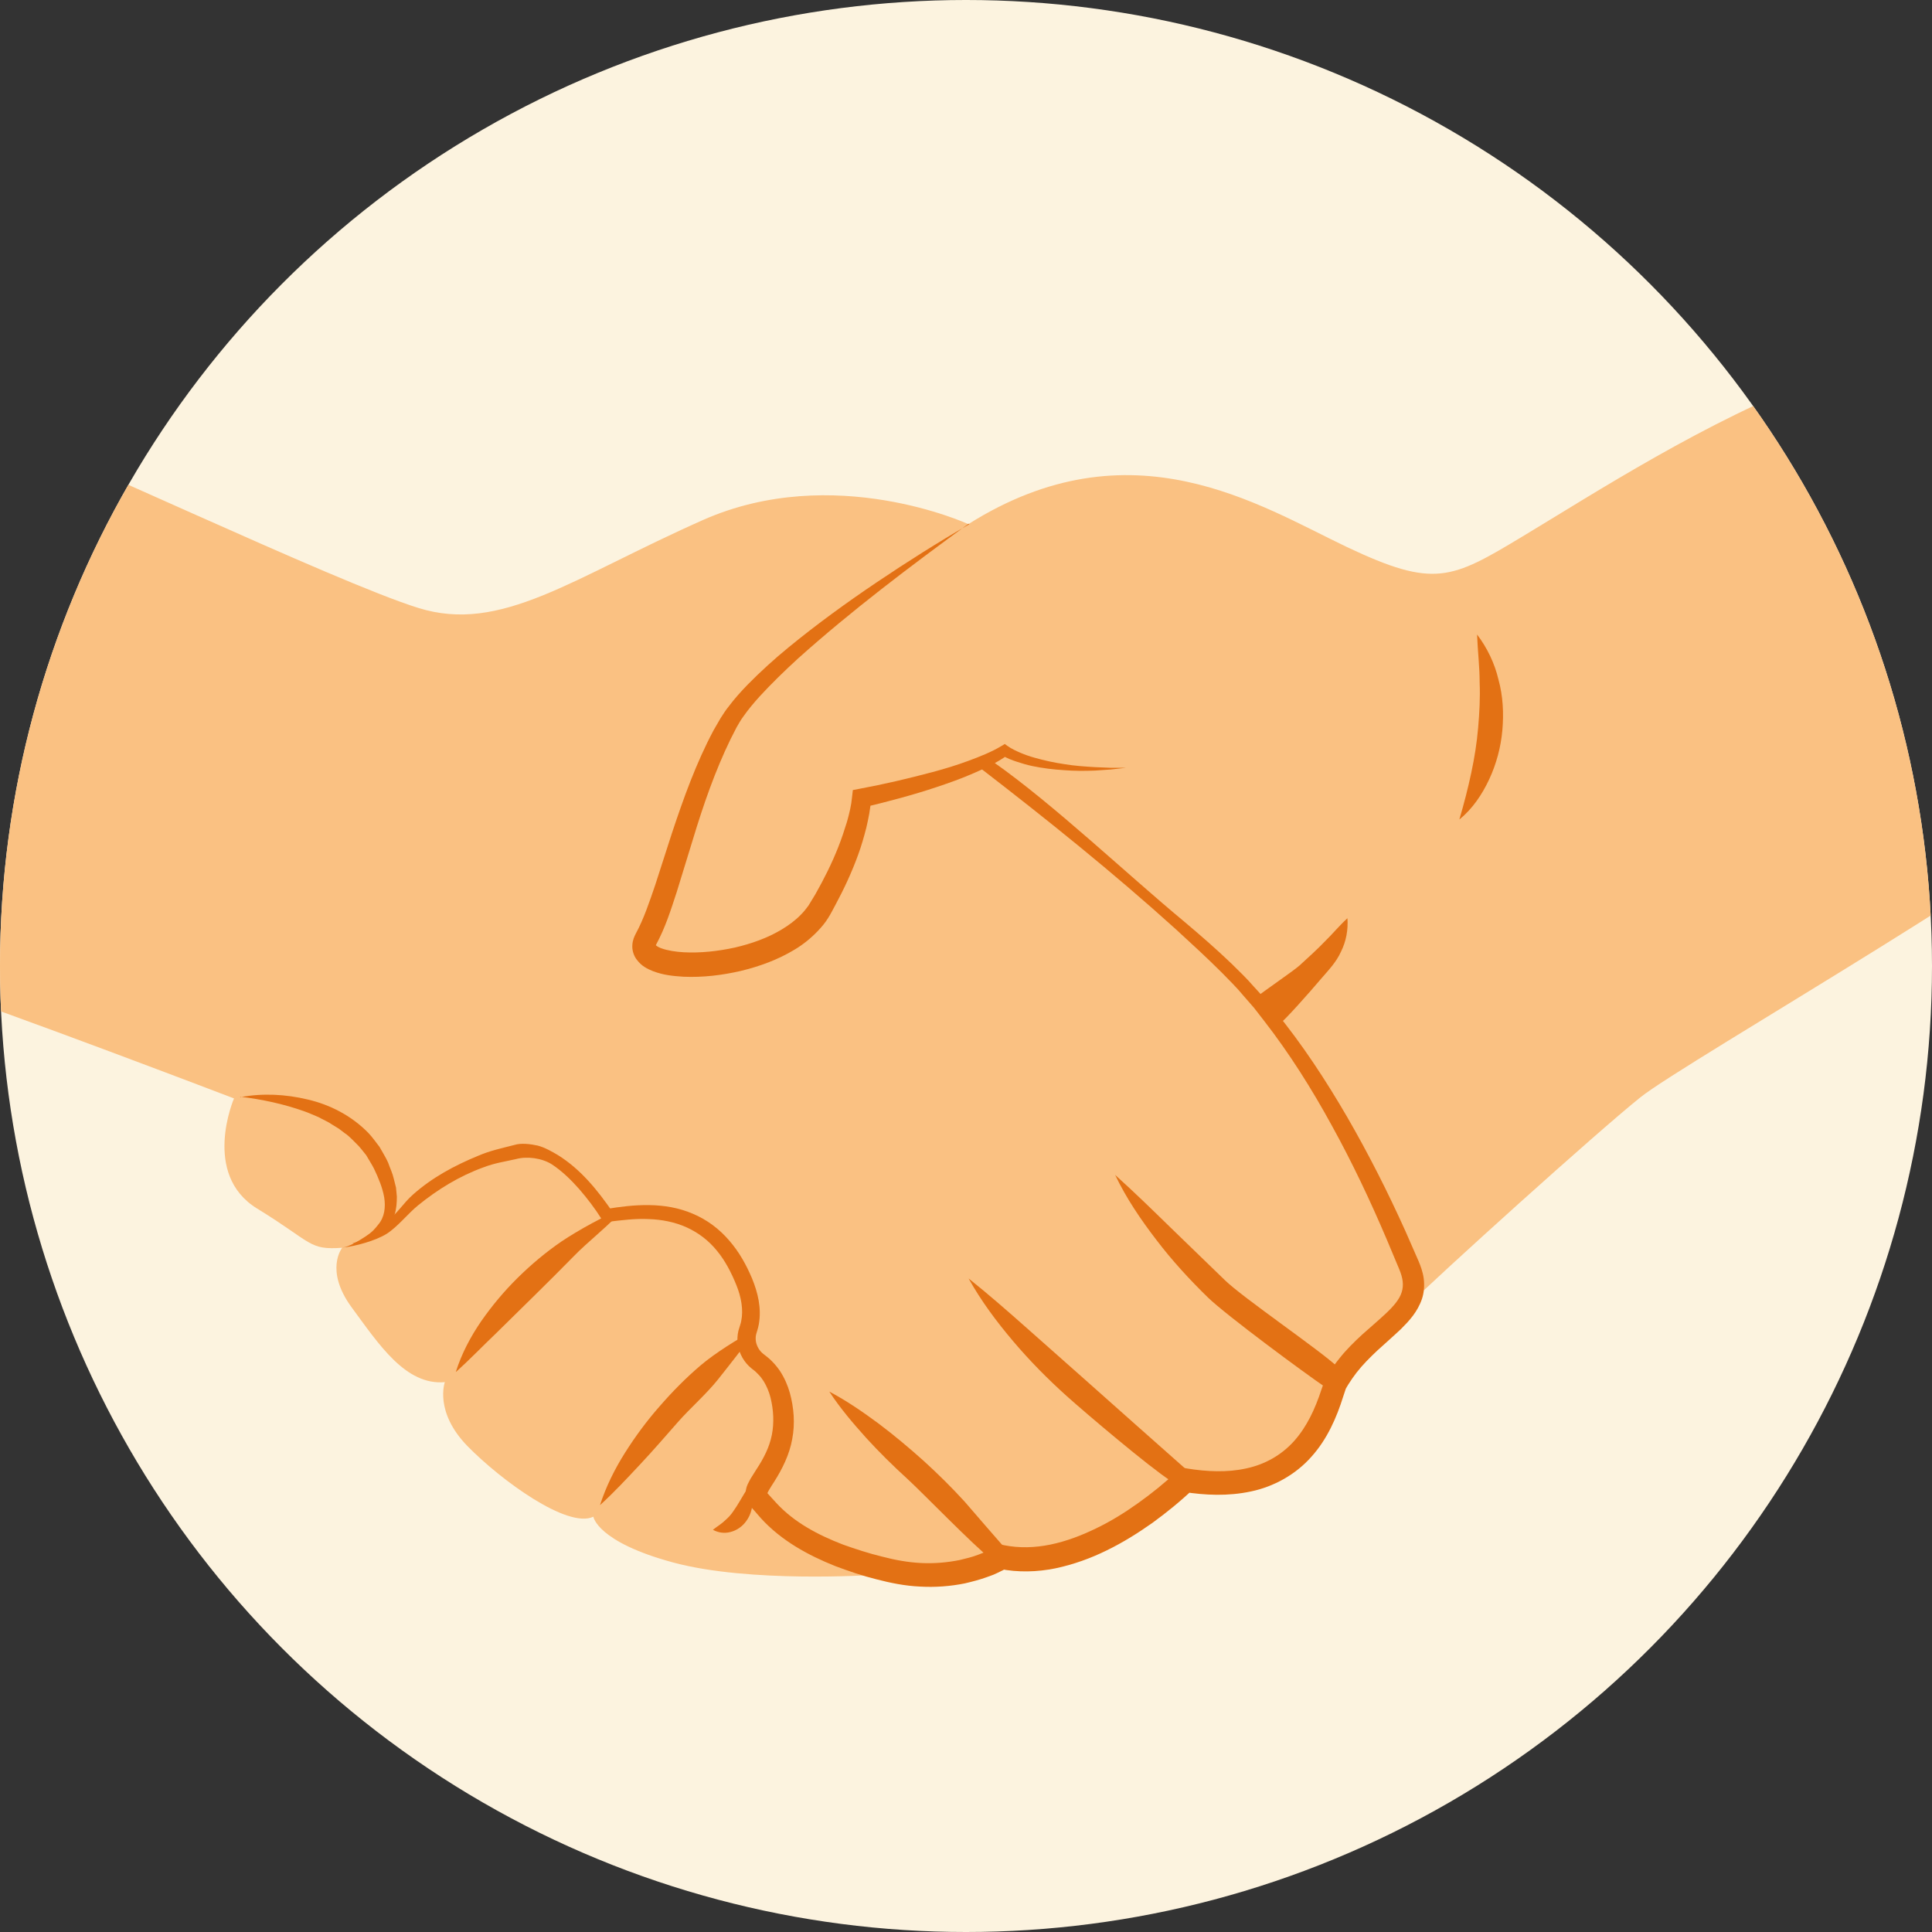 <?xml version="1.0" encoding="UTF-8"?>
<svg id="Calque_2" data-name="Calque 2" xmlns="http://www.w3.org/2000/svg" xmlns:xlink="http://www.w3.org/1999/xlink" viewBox="0 0 90.16 90.16">
  <rect x="0" y="0" width="90.16" height="90.16" fill="#333333" stroke="none"/>
  <defs>
    <style>
      .cls-1 {
        fill: none;
      }

      .cls-2 {
        clip-path: url(#clippath);
      }

      .cls-3 {
        fill: #fac182;
      }

      .cls-4 {
        fill: #fcf3df;
      }

      .cls-5 {
        fill: #e37114;
      }
    </style>
    <clipPath id="clippath">
      <circle class="cls-1" cx="45.08" cy="45.08" r="45.08"/>
    </clipPath>
  </defs>
  <g id="Calque_1-2" data-name="Calque 1">
    <g>
      <circle class="cls-4" cx="45.08" cy="45.08" r="45.08"/>
      <g class="cls-2">
        <g>
          <path class="cls-3" d="M-.77,19.75s-3.52,1.33-6.5,6.5c-2.98,5.17-4.2,5.35-4.58,9.89s4.09,8.42,8.12,9.74,14.65,5.38,14.65,5.38c0,0-1.53,3.54,1.08,5.14,2.61,1.6,2.39,1.94,3.97,1.83,0,0-.84,1.03,.44,2.78,1.28,1.74,2.52,3.65,4.35,3.49,0,0-.51,1.38,1.06,2.99,1.57,1.6,4.67,3.86,5.87,3.29,0,0,.17,1.18,3.74,2.14,3.57,.96,9.24,.58,9.24,.58,0,0,4.58-.18,5.73-.66,1.14-.48,3.74,.05,7.3-2.42,3.55-2.47,5.45-.16,6.9-2.6,1.45-2.44,3.24-5.07,4.96-6.76,1.72-1.69,8.91-8.18,10.99-9.85,2.08-1.67,20.13-11.95,22.47-14.91,2.34-2.96,5.65-9.58-.59-17.27-6.24-7.69-20.69,1.98-27.37,6-3.34,2.01-4.12,2.43-8.2,.5-4.08-1.94-10.07-5.86-17.67-1.07,0,0-6.28-2.9-12.39-.19-6.11,2.71-9.41,5.31-13.28,4.1-3.87-1.2-17.09-7.53-20.3-8.6Z"/>
          <path class="cls-5" d="M45.2,24.44c-2.74,2-5.46,4.05-7.97,6.3-.62,.57-1.22,1.15-1.78,1.76-.28,.31-.54,.62-.77,.95-.12,.16-.21,.33-.31,.5l-.28,.55c-.72,1.48-1.27,3.07-1.76,4.69l-.75,2.44c-.27,.82-.52,1.64-.97,2.47-.02,.04-.02,.07-.02,.05,0-.01,0-.05,0-.05,0,0,.11,.1,.26,.15,.3,.11,.69,.17,1.07,.19,.78,.04,1.59-.05,2.37-.22,.78-.18,1.54-.45,2.2-.85,.33-.2,.64-.43,.89-.69,.13-.13,.24-.27,.35-.42,.09-.14,.2-.34,.31-.51,.41-.72,.78-1.46,1.08-2.22,.15-.38,.28-.77,.4-1.16,.11-.38,.21-.8,.24-1.15l.04-.35,.31-.06c1.14-.21,2.28-.48,3.41-.78,.56-.15,1.12-.32,1.66-.52,.54-.2,1.08-.41,1.56-.7l.15-.09,.14,.1c.15,.11,.38,.22,.59,.31,.21,.09,.44,.17,.66,.23,.45,.13,.92,.23,1.39,.3,.47,.08,.95,.11,1.43,.14l.72,.03h.73s-.72,.08-.72,.08l-.73,.05c-.49,.02-.97,.02-1.46-.02-.49-.03-.98-.09-1.46-.19-.24-.05-.48-.12-.72-.2-.24-.08-.47-.16-.72-.32h.29c-.51,.37-1.06,.62-1.61,.86-.55,.24-1.11,.44-1.68,.63-1.13,.38-2.28,.68-3.44,.96l.35-.41c-.03,.5-.12,.91-.22,1.35-.11,.43-.23,.85-.38,1.26-.3,.83-.67,1.62-1.08,2.38-.11,.2-.19,.37-.33,.59-.13,.21-.29,.4-.45,.57-.33,.35-.7,.65-1.1,.89-.79,.48-1.65,.79-2.52,1-.87,.2-1.76,.31-2.68,.27-.46-.03-.92-.07-1.42-.26-.24-.1-.53-.22-.78-.57-.12-.17-.2-.42-.18-.65,.01-.22,.09-.4,.17-.55,.36-.66,.63-1.47,.9-2.26l.78-2.42c.54-1.62,1.12-3.25,1.94-4.79l.33-.57c.12-.19,.25-.39,.39-.56,.27-.36,.57-.69,.87-1,.61-.62,1.25-1.2,1.91-1.74,1.33-1.09,2.71-2.09,4.12-3.04,1.41-.95,2.85-1.86,4.32-2.71Z"/>
          <path class="cls-5" d="M45.73,35.82c.07-.14,.18-.57,.64-.25,2.78,1.95,6.23,5.23,8.86,7.41,.76,.64,1.51,1.29,2.23,1.98,.36,.35,.72,.7,1.05,1.08l.51,.56,.48,.58c1.27,1.55,2.37,3.23,3.37,4.95,1,1.73,1.9,3.51,2.72,5.33l.6,1.37c.1,.23,.21,.53,.25,.83,.04,.31,.02,.65-.08,.95-.21,.62-.61,1.04-.98,1.41-.38,.36-.75,.68-1.11,1.01-.35,.33-.68,.66-.96,1.02-.14,.18-.27,.37-.39,.56l-.09,.15s0,.02-.02,.03l-.02,.06-.11,.33c-.3,.96-.74,1.98-1.48,2.8-.73,.83-1.76,1.4-2.82,1.62-1.07,.23-2.14,.18-3.16,.02l.49-.15c-.62,.59-1.25,1.1-1.92,1.59-.68,.48-1.38,.92-2.14,1.29-.75,.37-1.55,.66-2.4,.84-.84,.17-1.74,.2-2.62,.02l.43-.08c-.19,.12-.34,.19-.51,.27-.16,.08-.33,.14-.5,.2-.33,.12-.68,.21-1.02,.29-.69,.14-1.4,.19-2.09,.15-.7-.03-1.39-.17-2.04-.34-.65-.16-1.29-.38-1.93-.62-1.25-.5-2.51-1.18-3.47-2.24l-.33-.38-.16-.18c-.13-.12-.23-.37-.22-.57,.02-.38,.16-.54,.24-.71,.1-.16,.19-.3,.27-.43,.35-.53,.61-1.05,.72-1.61,.11-.56,.08-1.16-.06-1.73-.07-.28-.18-.54-.32-.77-.07-.11-.15-.22-.25-.32-.05-.05-.09-.09-.14-.14l-.19-.15c-.33-.27-.56-.67-.63-1.1-.03-.22-.02-.44,.03-.65,.03-.11,.07-.22,.08-.26,.02-.06,.04-.13,.05-.19,.11-.52,0-1.13-.23-1.69-.23-.57-.52-1.13-.9-1.59-.38-.47-.86-.84-1.41-1.09-.55-.25-1.16-.37-1.78-.39-.63-.03-1.25,.05-1.91,.13l-.19,.02-.1-.16c-.3-.48-.66-.95-1.04-1.39-.38-.43-.8-.84-1.27-1.15-.47-.3-1.16-.39-1.68-.25-.57,.13-.98,.18-1.53,.39-1.1,.4-2.12,1.02-3.04,1.77-.46,.37-.96,1.01-1.47,1.33-.51,.32-1.46,.58-2.05,.64,.59-.09,1.55-.87,2.04-1.21,.49-.34,.8-.88,1.25-1.27,.89-.79,1.93-1.35,3.05-1.81,.56-.24,1.1-.35,1.68-.5,.31-.1,.76-.04,1.08,.03,.32,.08,.67,.28,.94,.44,1.08,.67,1.86,1.65,2.56,2.66l-.3-.14c1.27-.21,2.72-.35,4.04,.22,.65,.27,1.24,.71,1.7,1.25,.47,.54,.8,1.14,1.07,1.78,.26,.64,.45,1.37,.31,2.14-.02,.1-.04,.19-.07,.28-.03,.11-.05,.15-.06,.21-.02,.11-.02,.21,0,.32,.04,.21,.16,.42,.34,.56l.19,.15c.08,.06,.15,.13,.22,.2,.14,.14,.26,.29,.37,.45,.21,.32,.36,.67,.46,1.02,.19,.7,.25,1.43,.11,2.16-.13,.73-.47,1.4-.83,1.97-.09,.14-.18,.28-.25,.4-.07,.11-.11,.25-.1,.2,0-.03-.03-.12-.04-.12l.17,.19,.32,.35c.82,.89,1.93,1.48,3.1,1.93,.59,.21,1.2,.41,1.82,.56,.61,.16,1.21,.27,1.82,.3,.61,.03,1.22-.02,1.81-.14,.29-.07,.59-.14,.87-.25,.14-.05,.28-.11,.41-.17,.13-.06,.28-.14,.36-.19l.2-.13,.23,.05c.7,.14,1.43,.12,2.16-.03,.73-.15,1.44-.42,2.12-.75,.69-.33,1.35-.74,1.98-1.19,.63-.45,1.25-.95,1.79-1.46l.21-.2,.28,.05c.93,.15,1.87,.19,2.74,0,.87-.18,1.66-.62,2.25-1.28,.59-.66,.98-1.49,1.28-2.41l.13-.37,.05-.11s.05-.1,.07-.13l.11-.17c.14-.23,.3-.45,.47-.66,.33-.42,.71-.79,1.08-1.13,.38-.34,.76-.66,1.1-.98,.34-.32,.63-.65,.73-.98,.11-.33,.06-.68-.12-1.1l-.57-1.36c-.77-1.81-1.61-3.59-2.56-5.31-.94-1.72-1.99-3.39-3.19-4.93l-.45-.58-.48-.55c-.31-.38-.66-.72-1-1.07-.69-.69-1.42-1.36-2.15-2.03-2.93-2.65-6.02-5.13-9.16-7.55Z"/>
          <path class="cls-5" d="M58.68,46.5c.3-.25,1.68-1.19,1.96-1.44,.33-.3,.88-.8,1.2-1.14,.34-.33,.63-.69,1.04-1.07,.04,.54-.06,1.08-.3,1.56-.22,.49-.57,.85-.95,1.29-.49,.58-1.7,1.95-1.93,2.09"/>
          <path class="cls-5" d="M68.11,38.22c.22-.75,.4-1.45,.55-2.16,.15-.7,.26-1.4,.32-2.1,.06-.7,.1-1.4,.07-2.12,0-.72-.09-1.44-.12-2.23,.47,.62,.82,1.34,1,2.11,.21,.76,.25,1.57,.18,2.36-.07,.79-.28,1.57-.61,2.28-.33,.71-.78,1.38-1.39,1.88Z"/>
          <path class="cls-5" d="M61.87,64.75c-1-.68-4.63-3.36-5.5-4.2-.86-.84-1.67-1.72-2.4-2.68-.73-.95-1.41-1.95-1.93-3.04,.9,.81,1.74,1.63,2.59,2.46l2.53,2.45c.84,.82,4.38,3.23,5.24,4.03"/>
          <path class="cls-5" d="M46.2,72.71c-.73-.55-3.19-3.09-3.86-3.7-.67-.61-1.32-1.25-1.93-1.92-.61-.68-1.2-1.37-1.71-2.15,.83,.44,1.58,.96,2.31,1.5,.73,.55,1.42,1.13,2.09,1.73,.67,.61,1.31,1.24,1.92,1.91,.02,.03,1.94,2.24,1.97,2.27"/>
          <path class="cls-5" d="M54.64,69.11c-1.01-.65-3.97-3.16-4.86-3.96-.89-.8-1.73-1.65-2.5-2.56-.77-.91-1.49-1.87-2.08-2.93,.94,.75,1.83,1.53,2.71,2.31l2.63,2.33c.87,.78,4.01,3.56,4.89,4.34"/>
          <path class="cls-5" d="M34.93,69.41c.16,.24,.2,.52,.18,.79-.02,.27-.11,.55-.29,.79-.17,.24-.44,.43-.72,.5-.28,.08-.58,.04-.83-.1,.23-.18,.42-.29,.57-.44,.15-.13,.27-.26,.37-.41,.22-.3,.41-.67,.71-1.14Z"/>
          <path class="cls-5" d="M35.24,62.05c-.49,.78-1.18,1.62-1.73,2.32-.55,.69-1.3,1.34-1.88,2-.58,.66-1.15,1.32-1.75,1.96-.6,.64-1.2,1.29-1.88,1.91,.28-.87,.69-1.69,1.17-2.45,.48-.76,1.02-1.49,1.61-2.16,.59-.68,1.22-1.32,1.9-1.9,.68-.58,1.75-1.25,2.56-1.68Z"/>
          <path class="cls-5" d="M29.13,56.38c-.57,.69-1.76,1.62-2.35,2.24-.6,.61-1.21,1.22-1.81,1.81l-1.82,1.79c-.62,.59-1.21,1.21-1.88,1.81,.27-.86,.69-1.65,1.19-2.38,.51-.73,1.08-1.41,1.71-2.03,.63-.62,1.31-1.19,2.04-1.69,.73-.49,2.08-1.25,2.93-1.56Z"/>
          <path class="cls-5" d="M11.22,51.2c1.03-.19,2.1-.14,3.14,.11,1.04,.24,2.05,.76,2.83,1.56,.19,.2,.35,.43,.52,.65,.13,.24,.29,.48,.4,.73,.09,.26,.21,.5,.27,.77,.03,.13,.07,.27,.1,.4l.04,.42c0,.29-.02,.58-.11,.86-.11,.28-.26,.54-.49,.72-.22,.19-.47,.31-.74,.38-.26,.07-.49,.25-.75,.23,.5-.13,.94-.51,1.22-.88,.3-.35,.35-.82,.28-1.27-.08-.46-.27-.91-.48-1.35-.11-.21-.24-.41-.36-.62-.15-.18-.29-.38-.46-.54-.17-.16-.33-.35-.53-.48l-.29-.22-.31-.19c-.2-.14-.43-.23-.64-.35-.23-.09-.45-.2-.69-.28-.94-.33-1.94-.55-2.97-.67Z"/>
        </g>
      </g>
    </g>
  </g>
</svg>
....
Find the lines above that hold "name", then copy each of them.

<svg id="Calque_2" data-name="Calque 2" xmlns="http://www.w3.org/2000/svg" xmlns:xlink="http://www.w3.org/1999/xlink" viewBox="0 0 90.16 90.16">
  <g id="Calque_1-2" data-name="Calque 1">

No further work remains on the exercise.